As I made my way from one chore to another I kept looking at the snow in the garden and wondering if there was an opportunity waiting to make a photo or two, but I pushed along thinking “maybe later”.   However, as I started on my second glass of wine I complained that the outside light was gray and flat and that maybe I should just forget it. Could that have been the wine talking, or that I am just lazy?

Ever one to keep me on my toes, my wife, Linda, reminded me of a lecture we once attended by Canadian photographer, and author, Sherman Hines. (I recommend readers check him out) As she remembered Hines had said something like; “there is always something to photograph when the weather is poor, look for the small stuff”. There was the challenge. I left the room to get my camera.

The snow was getting wet on the plus 1 degree C afternoon so I decide to leave my tripod behind and mounted my wife’s 70-180mm AF macro on my camera. That unique, fun to use lens is the only true zoom Micro (macro) lens ever made by Nikon. And I get to borrow it anytime, well, almost anytime.

I got my camera and put together my lighting for what would be an excursion to search out the intimate features poking through the snow in my wife’s garden.

I attached a flash on a stand and chose a shoot-through umbrella. I could have connected a wireless sender and receiver, but I decided to use a TTL camera-to-flash cord that would allow the camera’s computer to direct the flash to provide the correct exposure for the close-up kind of subjects I would be photographing.

Although I had complained about the limited light on the heavy overcast day, I knew it would be perfect for my sojourn through the garden. I could easily meter the ambient light, then under expose slightly so the flash would become the main light instead of the hazy sun. The modified light from a shoot-through umbrella is even across the image with a gradual transition from highlights to midtones to shadows, or a soft light.

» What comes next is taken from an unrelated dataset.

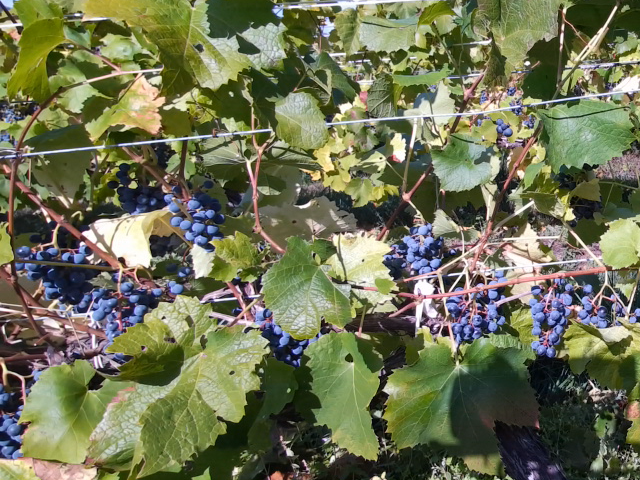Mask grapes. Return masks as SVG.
Segmentation results:
<instances>
[{"label": "grapes", "mask_w": 640, "mask_h": 480, "mask_svg": "<svg viewBox=\"0 0 640 480\" xmlns=\"http://www.w3.org/2000/svg\"><path fill=\"white\" fill-rule=\"evenodd\" d=\"M172 241L170 236L166 237H158L157 235H152L149 238L150 245V255L153 258L161 257L164 258L168 253H172L174 251V247L169 244Z\"/></svg>", "instance_id": "11"}, {"label": "grapes", "mask_w": 640, "mask_h": 480, "mask_svg": "<svg viewBox=\"0 0 640 480\" xmlns=\"http://www.w3.org/2000/svg\"><path fill=\"white\" fill-rule=\"evenodd\" d=\"M581 303L584 305V309L579 310L576 313V317L581 320L585 326H589L591 323L600 329H606L608 327L607 317L609 316L608 308L606 306H598L596 308V316H591L594 306L591 304L590 297L584 295L581 298Z\"/></svg>", "instance_id": "10"}, {"label": "grapes", "mask_w": 640, "mask_h": 480, "mask_svg": "<svg viewBox=\"0 0 640 480\" xmlns=\"http://www.w3.org/2000/svg\"><path fill=\"white\" fill-rule=\"evenodd\" d=\"M15 254L21 257L23 261H50L51 263H70L73 265H88L89 261L87 257L92 255V250L87 245H81L77 249V253L64 252L61 258L58 257V250L54 247H49L38 252L32 251L28 245H23L15 249Z\"/></svg>", "instance_id": "9"}, {"label": "grapes", "mask_w": 640, "mask_h": 480, "mask_svg": "<svg viewBox=\"0 0 640 480\" xmlns=\"http://www.w3.org/2000/svg\"><path fill=\"white\" fill-rule=\"evenodd\" d=\"M494 276L496 277L493 280H490L488 282V285L493 283V282H502V281H507V278L504 277L505 276V272L504 271H499V272H494Z\"/></svg>", "instance_id": "18"}, {"label": "grapes", "mask_w": 640, "mask_h": 480, "mask_svg": "<svg viewBox=\"0 0 640 480\" xmlns=\"http://www.w3.org/2000/svg\"><path fill=\"white\" fill-rule=\"evenodd\" d=\"M495 125L497 126L496 131L502 133L506 138H510L513 135V130L502 119H497Z\"/></svg>", "instance_id": "15"}, {"label": "grapes", "mask_w": 640, "mask_h": 480, "mask_svg": "<svg viewBox=\"0 0 640 480\" xmlns=\"http://www.w3.org/2000/svg\"><path fill=\"white\" fill-rule=\"evenodd\" d=\"M186 206V213L191 215L192 222L185 220L183 216H171L169 224L178 227L180 231H186L183 234L186 241H192L198 246H203L208 253H213L215 246L208 244V237L203 233L210 235L212 239L225 237L217 226L226 223V215L219 212L222 205L217 198H211L204 192H195L192 199L186 202Z\"/></svg>", "instance_id": "2"}, {"label": "grapes", "mask_w": 640, "mask_h": 480, "mask_svg": "<svg viewBox=\"0 0 640 480\" xmlns=\"http://www.w3.org/2000/svg\"><path fill=\"white\" fill-rule=\"evenodd\" d=\"M165 271L167 273L175 272V275L178 278H183L189 276L193 272V268L191 266H182L178 268V265L176 263H167L165 265Z\"/></svg>", "instance_id": "14"}, {"label": "grapes", "mask_w": 640, "mask_h": 480, "mask_svg": "<svg viewBox=\"0 0 640 480\" xmlns=\"http://www.w3.org/2000/svg\"><path fill=\"white\" fill-rule=\"evenodd\" d=\"M130 171V165L126 162H122L118 165V171L116 172V177L119 179V183L123 186H130L133 182L132 177L128 174ZM119 183L114 180H110L107 183V186L110 189H116L119 186Z\"/></svg>", "instance_id": "12"}, {"label": "grapes", "mask_w": 640, "mask_h": 480, "mask_svg": "<svg viewBox=\"0 0 640 480\" xmlns=\"http://www.w3.org/2000/svg\"><path fill=\"white\" fill-rule=\"evenodd\" d=\"M506 291V287H496L492 290H488L487 295L484 291L476 294V300H482L487 303V315L482 317L481 315H473L472 323L468 324V317L470 311L467 309L461 317L460 323L451 324V334L454 336V340L458 345H461L463 341H474L482 337V330H487L491 333H496L498 326H503L506 323V317L499 315L497 304L494 303L500 299H505L506 295L502 294Z\"/></svg>", "instance_id": "5"}, {"label": "grapes", "mask_w": 640, "mask_h": 480, "mask_svg": "<svg viewBox=\"0 0 640 480\" xmlns=\"http://www.w3.org/2000/svg\"><path fill=\"white\" fill-rule=\"evenodd\" d=\"M271 316L272 312L268 308L257 312L255 314V325L264 327L261 336L269 339L271 346L275 350L273 356L278 361H283L288 366L299 368L304 350L318 341L322 337V333L318 332L312 339L295 340L292 339L289 332L282 330L279 324L274 323L273 319L265 322L266 318Z\"/></svg>", "instance_id": "7"}, {"label": "grapes", "mask_w": 640, "mask_h": 480, "mask_svg": "<svg viewBox=\"0 0 640 480\" xmlns=\"http://www.w3.org/2000/svg\"><path fill=\"white\" fill-rule=\"evenodd\" d=\"M171 191L173 193L163 195L159 187L138 185L136 189L119 187L117 194L118 201L123 203L122 209L130 215L162 210L168 205L172 214H178L182 209V200L176 199V195L182 194V187L179 184H173Z\"/></svg>", "instance_id": "6"}, {"label": "grapes", "mask_w": 640, "mask_h": 480, "mask_svg": "<svg viewBox=\"0 0 640 480\" xmlns=\"http://www.w3.org/2000/svg\"><path fill=\"white\" fill-rule=\"evenodd\" d=\"M433 225L427 223L426 225L412 226L410 233L412 235L420 234L425 236V242L420 244L418 238H414L410 235H405L402 239V243L393 244L391 249L396 251V254H385L383 260L385 262L399 263L401 269H405L409 263H412V269L417 271L419 275L428 274L432 271H437L442 264V259L436 257L438 255V249L443 246L445 238L440 236L434 241L432 235Z\"/></svg>", "instance_id": "4"}, {"label": "grapes", "mask_w": 640, "mask_h": 480, "mask_svg": "<svg viewBox=\"0 0 640 480\" xmlns=\"http://www.w3.org/2000/svg\"><path fill=\"white\" fill-rule=\"evenodd\" d=\"M15 393L13 391L6 392L3 388V384L0 383V405L4 403V401H8L9 397H14Z\"/></svg>", "instance_id": "17"}, {"label": "grapes", "mask_w": 640, "mask_h": 480, "mask_svg": "<svg viewBox=\"0 0 640 480\" xmlns=\"http://www.w3.org/2000/svg\"><path fill=\"white\" fill-rule=\"evenodd\" d=\"M16 271L26 270V279L30 282H37L39 278H43V286L45 287L44 299L52 301L58 299L57 306L59 309L65 310L63 305L68 301L74 305L76 313H85L89 310L93 311L92 319L94 321H102L107 317L105 332L107 336V344L103 347L106 355L114 354L113 360L119 364H125L133 359L131 354L122 352L106 353L105 349L112 345L115 338L122 335L127 328H133L135 324L144 321L143 316L149 312V309H155L159 306L160 297L164 294L161 288H153L151 294L148 295L146 288H134L132 281H126L127 277L120 278V292L128 298L130 309L120 311H112L111 307L118 304L117 296L107 297V289H94V284L85 282L89 281L101 274L100 269L90 267H70V266H49L36 263H15Z\"/></svg>", "instance_id": "1"}, {"label": "grapes", "mask_w": 640, "mask_h": 480, "mask_svg": "<svg viewBox=\"0 0 640 480\" xmlns=\"http://www.w3.org/2000/svg\"><path fill=\"white\" fill-rule=\"evenodd\" d=\"M42 374L41 370L38 369H33L31 372V375L33 376V379L27 383V386L25 387V393L26 394H30L31 393V388L33 385H35L37 383V380L39 378V376Z\"/></svg>", "instance_id": "16"}, {"label": "grapes", "mask_w": 640, "mask_h": 480, "mask_svg": "<svg viewBox=\"0 0 640 480\" xmlns=\"http://www.w3.org/2000/svg\"><path fill=\"white\" fill-rule=\"evenodd\" d=\"M464 299V295H458L455 297H449L446 299L445 307L451 312V317L455 320L461 315L460 313L465 308L464 303H460Z\"/></svg>", "instance_id": "13"}, {"label": "grapes", "mask_w": 640, "mask_h": 480, "mask_svg": "<svg viewBox=\"0 0 640 480\" xmlns=\"http://www.w3.org/2000/svg\"><path fill=\"white\" fill-rule=\"evenodd\" d=\"M23 405H19L13 415L0 416V453L7 459L22 458L19 450L23 446V426L16 422L21 418Z\"/></svg>", "instance_id": "8"}, {"label": "grapes", "mask_w": 640, "mask_h": 480, "mask_svg": "<svg viewBox=\"0 0 640 480\" xmlns=\"http://www.w3.org/2000/svg\"><path fill=\"white\" fill-rule=\"evenodd\" d=\"M554 282L563 286L565 292L557 293L555 298L551 300V307L557 309L550 313H543L545 304L538 299H531L529 306L531 307V317L534 319L532 334L535 337H539V341H533L531 343V349L536 351L539 356H547L550 359H554L557 356V347L562 340L560 335L565 333V326L568 324L566 319L571 315V309L569 308L573 304V295L570 293L574 290L572 284L567 283L563 277H556ZM547 319V324L552 327V332L547 337L543 334L542 323Z\"/></svg>", "instance_id": "3"}]
</instances>

I stuck the stand through the snow and easily positioned the flash. And unlike a snowless landscape, the snow kept the stand steady no matter the angle. All I had to do was choose an angle and release the shutter. That particular zoom lens allows for a constant macro at every focal length. It was pretty neat and easy.

I choose to photograph that garden in every season. I know there are many photographers that only take pictures of plants when they are in bloom and prefer colourful representations. However, spring, summer, fall, winter, snow, rain, sunny, or overcast, I find that our garden is filled with ever changing subjects that always offer something new and I expect that Sherman Hines surely would approve. My advise to photographers that think they must wait for inspiring weather before their next garden safari, is to take Mr. Hines’ advice, because there is always something to photograph when the weather is poor, just get up close and look for the small stuff.